> Aim of the exercise
Every line with the string "pipe" should be copied from the data.

> Exercise materials
========================

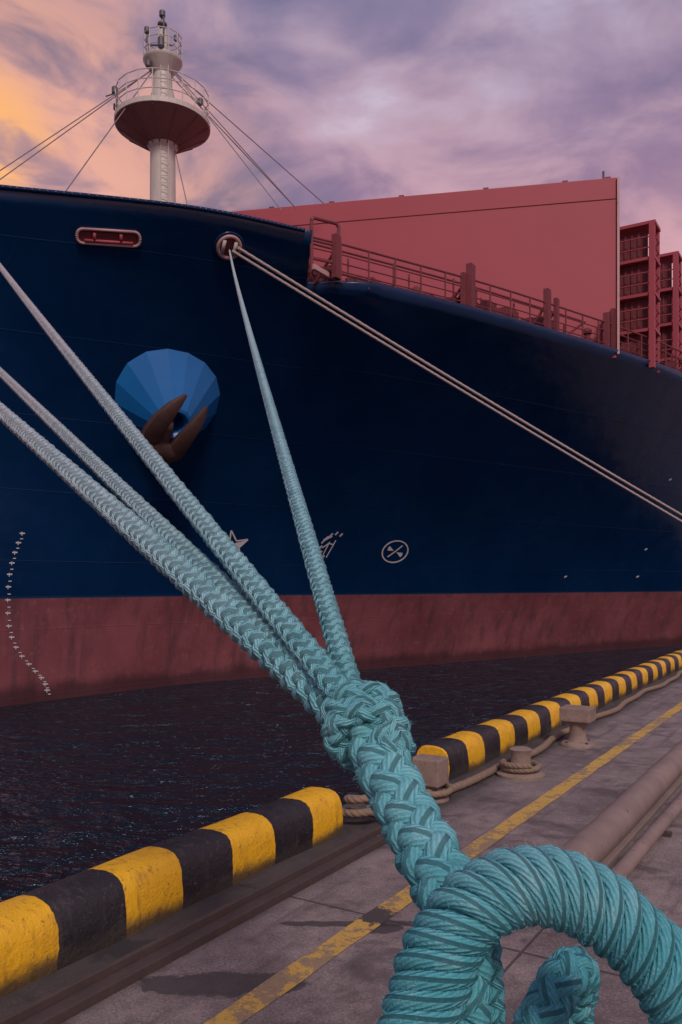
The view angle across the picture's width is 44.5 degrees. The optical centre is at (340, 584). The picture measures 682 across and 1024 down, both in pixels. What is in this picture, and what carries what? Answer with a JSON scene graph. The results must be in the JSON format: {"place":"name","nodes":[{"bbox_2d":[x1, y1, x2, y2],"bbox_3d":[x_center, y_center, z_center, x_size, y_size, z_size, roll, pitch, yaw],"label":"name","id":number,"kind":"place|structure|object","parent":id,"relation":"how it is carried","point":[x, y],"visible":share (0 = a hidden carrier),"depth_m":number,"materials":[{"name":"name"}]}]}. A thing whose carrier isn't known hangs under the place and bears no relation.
{"place":"outdoors","nodes":[
{"label":"outdoors","id":0,"kind":"place"},
{"bbox_2d":[0,645,681,901],"bbox_3d":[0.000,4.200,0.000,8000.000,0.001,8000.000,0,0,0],"label":"water","id":1,"kind":"structure","parent":0,"point":[89,782],"depth_m":21.31,"materials":[{"name":"black liquid"}]},
{"bbox_2d":[0,189,681,706],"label":"hull","id":2,"kind":"object","parent":1,"relation":"in","point":[500,525],"visible":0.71,"depth_m":33.42,"materials":[{"name":"paint"}]},
{"bbox_2d":[5,532,50,694],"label":"draft marks","id":3,"kind":"object","parent":2,"relation":"attached to","point":[7,613],"visible":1,"depth_m":28.67,"materials":[{"name":"white paint"}]},
{"bbox_2d":[75,227,141,247],"bbox_3d":[-7.112,-10.612,25.557,1.954,0.476,0.381,0,0,-15],"label":"mooring slot rim","id":4,"kind":"object","parent":2,"relation":"attached to","point":[107,230],"visible":1,"depth_m":25.52,"materials":[{"name":"metal"}]},
{"bbox_2d":[79,230,138,244],"bbox_3d":[-7.117,-10.625,25.572,1.863,0.387,0.297,0,0,-15],"label":"mooring slot opening","id":5,"kind":"object","parent":2,"relation":"in","point":[112,236],"visible":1,"depth_m":25.55,"materials":[{"name":"metal"}]},
{"bbox_2d":[85,232,132,244],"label":"mooring slot rollers","id":6,"kind":"object","parent":5,"relation":"in","point":[95,240],"visible":1,"depth_m":25.59,"materials":[{"name":"red metal"}]},
{"bbox_2d":[0,184,304,231],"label":"bulwark cap","id":7,"kind":"object","parent":2,"relation":"on","point":[128,199],"visible":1,"depth_m":25.12,"materials":[{"name":"paint"}]},
{"bbox_2d":[0,367,321,695],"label":"mooring rope","id":8,"kind":"object","parent":2,"relation":"attached to","point":[126,494],"visible":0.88,"depth_m":2.66,"materials":[{"name":"fabric"}]},
{"bbox_2d":[115,349,219,439],"bbox_3d":[-6.307,-6.870,29.885,4.115,3.612,2.890,0,0,-30],"label":"anchor bolster","id":9,"kind":"object","parent":2,"relation":"attached to","point":[149,384],"visible":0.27,"depth_m":28.66,"materials":[{"name":"blue metal"}]},
{"bbox_2d":[141,394,207,465],"bbox_3d":[-5.864,-5.108,28.850,2.553,2.589,1.955,0,0,0],"label":"anchor","id":10,"kind":"object","parent":9,"relation":"in","point":[157,431],"visible":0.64,"depth_m":28.72,"materials":[{"name":"brown metal"}]},
{"bbox_2d":[0,263,348,697],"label":"mooring rope","id":11,"kind":"object","parent":2,"relation":"attached to","point":[314,659],"visible":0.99,"depth_m":2.17,"materials":[{"name":"teal fabric"}]},
{"bbox_2d":[213,231,243,261],"bbox_3d":[-3.587,-10.790,26.696,1.017,0.734,0.762,0,0,-21],"label":"fairlead collar","id":12,"kind":"object","parent":2,"relation":"attached to","point":[218,237],"visible":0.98,"depth_m":26.53,"materials":[{"name":"metal"}]},
{"bbox_2d":[216,234,241,259],"bbox_3d":[-3.578,-10.769,26.678,0.847,0.625,0.647,0,0,-21],"label":"fairlead rim","id":13,"kind":"object","parent":12,"relation":"in","point":[228,236],"visible":0.97,"depth_m":26.56,"materials":[{"name":"metal"}]},
{"bbox_2d":[220,238,237,255],"bbox_3d":[-3.583,-10.780,26.687,0.678,0.477,0.496,0,0,-21],"label":"fairlead opening","id":14,"kind":"object","parent":12,"relation":"in","point":[230,244],"visible":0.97,"depth_m":26.66,"materials":[{"name":"metal"}]},
{"bbox_2d":[220,240,237,255],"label":"fairlead rollers","id":15,"kind":"object","parent":14,"relation":"in","point":[224,245],"visible":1,"depth_m":26.58,"materials":[{"name":"grey metal"}]},
{"bbox_2d":[231,250,681,522],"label":"bow spring line","id":16,"kind":"object","parent":12,"relation":"attached to","point":[426,369],"visible":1,"depth_m":30.15,"materials":[{"name":"beige fabric"}]},
{"bbox_2d":[237,246,681,515],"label":"bow spring line","id":17,"kind":"object","parent":12,"relation":"attached to","point":[427,363],"visible":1,"depth_m":30.17,"materials":[{"name":"beige fabric"}]},
{"bbox_2d":[229,249,360,680],"bbox_3d":[-1.774,-5.233,14.184,0.061,11.027,25.534,0,0,-8],"label":"mooring rope","id":18,"kind":"object","parent":2,"relation":"attached to","point":[336,640],"visible":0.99,"depth_m":2.42,"materials":[{"name":"teal fabric"}]},
{"bbox_2d":[0,402,681,1023],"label":"mooring rope","id":19,"kind":"object","parent":2,"relation":"attached to","point":[448,966],"visible":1,"depth_m":1.17,"materials":[{"name":"teal fabric"}]},
{"bbox_2d":[230,479,671,577],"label":"hull symbols","id":20,"kind":"object","parent":2,"relation":"attached to","point":[240,544],"visible":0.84,"depth_m":37.10,"materials":[{"name":"white paint"}]},
{"label":"deck","id":21,"kind":"structure","parent":2,"relation":"on","visible":0},
{"bbox_2d":[0,9,322,210],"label":"foremast","id":22,"kind":"object","parent":21,"relation":"on","point":[162,124],"visible":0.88,"depth_m":34.69,"materials":[{"name":"white metal"}]},
{"bbox_2d":[232,178,616,358],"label":"breakwater wall","id":23,"kind":"structure","parent":21,"relation":"on","point":[565,254],"depth_m":37.86,"materials":[{"name":"red metal"}]},
{"bbox_2d":[269,176,616,225],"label":"wall fittings","id":24,"kind":"object","parent":23,"relation":"attached to","point":[458,211],"depth_m":38.16,"materials":[{"name":"red metal"}]},
{"bbox_2d":[617,177,619,354],"bbox_3d":[12.306,-14.050,37.185,0.100,7.800,0.840,0,0,11],"label":"wall end flange","id":25,"kind":"object","parent":23,"relation":"attached to","point":[618,264],"depth_m":36.77,"materials":[{"name":"red metal"}]},
{"bbox_2d":[307,216,681,371],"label":"deck fittings","id":26,"kind":"object","parent":21,"relation":"on","point":[468,288],"visible":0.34,"depth_m":31.32,"materials":[{"name":"red metal"}]},
{"bbox_2d":[310,236,681,370],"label":"deck railing","id":27,"kind":"object","parent":21,"relation":"on","point":[460,276],"visible":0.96,"depth_m":31.78,"materials":[{"name":"red metal"}]},
{"bbox_2d":[312,264,328,277],"bbox_3d":[-0.671,-10.380,27.659,0.120,0.180,0.900,0,0,32],"label":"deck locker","id":28,"kind":"object","parent":27,"relation":"attached to","point":[320,270],"visible":1,"depth_m":27.56,"materials":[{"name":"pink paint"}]},
{"bbox_2d":[620,219,660,372],"bbox_3d":[0.261,-13.410,47.969,34.200,6.820,1.360,0,0,32],"label":"lashing bridge frame","id":29,"kind":"object","parent":21,"relation":"on","point":[652,259],"visible":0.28,"depth_m":38.82,"materials":[{"name":"red metal"}]},
{"bbox_2d":[620,231,647,358],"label":"lashing bridge panels","id":30,"kind":"object","parent":29,"relation":"attached to","point":[634,280],"visible":0.04,"depth_m":39.26,"materials":[{"name":"red metal"}]},
{"bbox_2d":[648,251,681,370],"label":"lashing bridge frame","id":31,"kind":"object","parent":21,"relation":"on","point":[675,257],"visible":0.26,"depth_m":43.66,"materials":[{"name":"red metal"}]},
{"bbox_2d":[648,261,671,364],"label":"lashing bridge panels","id":32,"kind":"object","parent":31,"relation":"attached to","point":[666,299],"depth_m":44.13,"materials":[{"name":"red metal"}]},
{"bbox_2d":[0,669,681,1023],"bbox_3d":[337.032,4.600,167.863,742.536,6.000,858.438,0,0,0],"label":"quay","id":33,"kind":"structure","parent":0,"point":[206,982],"depth_m":3.94,"materials":[{"name":"concrete"}]},
{"bbox_2d":[0,787,342,997],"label":"striped kerb","id":34,"kind":"structure","parent":33,"relation":"on","point":[48,929],"depth_m":3.95,"materials":[{"name":"yellow concrete"}]},
{"bbox_2d":[0,826,386,1023],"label":"kerb rail","id":35,"kind":"object","parent":33,"relation":"on","point":[69,1000],"visible":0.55,"depth_m":3.63,"materials":[{"name":"grey metal"}]},
{"bbox_2d":[342,794,375,818],"bbox_3d":[0.148,1.466,5.559,0.321,0.248,0.241,0,0,0],"label":"rope heap","id":36,"kind":"object","parent":33,"relation":"on","point":[352,812],"visible":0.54,"depth_m":5.46,"materials":[{"name":"beige fabric"}]},
{"bbox_2d":[411,754,448,803],"bbox_3d":[0.656,1.445,6.219,0.300,0.310,0.300,0,0,0],"label":"quay bollard","id":37,"kind":"object","parent":33,"relation":"on","point":[434,769],"visible":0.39,"depth_m":6.13,"materials":[{"name":"metal"}]},
{"bbox_2d":[428,783,453,797],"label":"rope turns","id":38,"kind":"object","parent":37,"relation":"attached to","point":[449,789],"visible":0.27,"depth_m":6.08,"materials":[{"name":"beige fabric"}]},
{"bbox_2d":[204,702,681,1023],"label":"yellow painted line","id":39,"kind":"object","parent":33,"relation":"on","point":[267,992],"visible":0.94,"depth_m":3.92,"materials":[{"name":"paint"}]},
{"bbox_2d":[496,746,544,781],"bbox_3d":[1.499,1.480,6.957,0.400,0.240,0.396,0,0,0],"label":"quay bollard","id":40,"kind":"object","parent":33,"relation":"on","point":[520,754],"visible":0.73,"depth_m":6.88,"materials":[{"name":"metal"}]},
{"bbox_2d":[499,758,541,773],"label":"rope turns","id":41,"kind":"object","parent":40,"relation":"on","point":[507,765],"visible":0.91,"depth_m":6.82,"materials":[{"name":"beige fabric"}]},
{"bbox_2d":[417,649,681,780],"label":"striped kerb","id":42,"kind":"structure","parent":33,"relation":"on","point":[467,750],"depth_m":8.58,"materials":[{"name":"yellow concrete"}]},
{"bbox_2d":[433,670,681,799],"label":"old rope on quay","id":43,"kind":"object","parent":33,"relation":"on","point":[494,769],"visible":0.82,"depth_m":8.29,"materials":[{"name":"beige fabric"}]},
{"bbox_2d":[559,704,595,748],"bbox_3d":[2.344,1.407,8.263,0.336,0.385,0.336,0,0,27],"label":"quay bollard","id":44,"kind":"object","parent":33,"relation":"on","point":[578,718],"visible":1,"depth_m":8.19,"materials":[{"name":"metal"}]},
{"bbox_2d":[561,740,681,867],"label":"quay pipe","id":45,"kind":"object","parent":33,"relation":"on","point":[607,836],"visible":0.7,"depth_m":5.36,"materials":[{"name":"grey metal"}]},
{"bbox_2d":[612,791,681,877],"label":"quay pipe","id":46,"kind":"object","parent":33,"relation":"on","point":[634,855],"visible":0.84,"depth_m":4.99,"materials":[{"name":"grey metal"}]},
{"bbox_2d":[0,0,681,286],"label":"sky","id":47,"kind":"structure","parent":0,"point":[355,99],"materials":[{"name":"purple"}]},
{"bbox_2d":[672,297,672,350],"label":"lashing bridge panels","id":48,"kind":"object","parent":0,"point":[672,318],"depth_m":49.47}
]}

========================

> Result for this exercise
{"bbox_2d":[561,740,681,867],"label":"quay pipe","id":45,"kind":"object","parent":33,"relation":"on","point":[607,836],"visible":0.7,"depth_m":5.36,"materials":[{"name":"grey metal"}]},
{"bbox_2d":[612,791,681,877],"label":"quay pipe","id":46,"kind":"object","parent":33,"relation":"on","point":[634,855],"visible":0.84,"depth_m":4.99,"materials":[{"name":"grey metal"}]},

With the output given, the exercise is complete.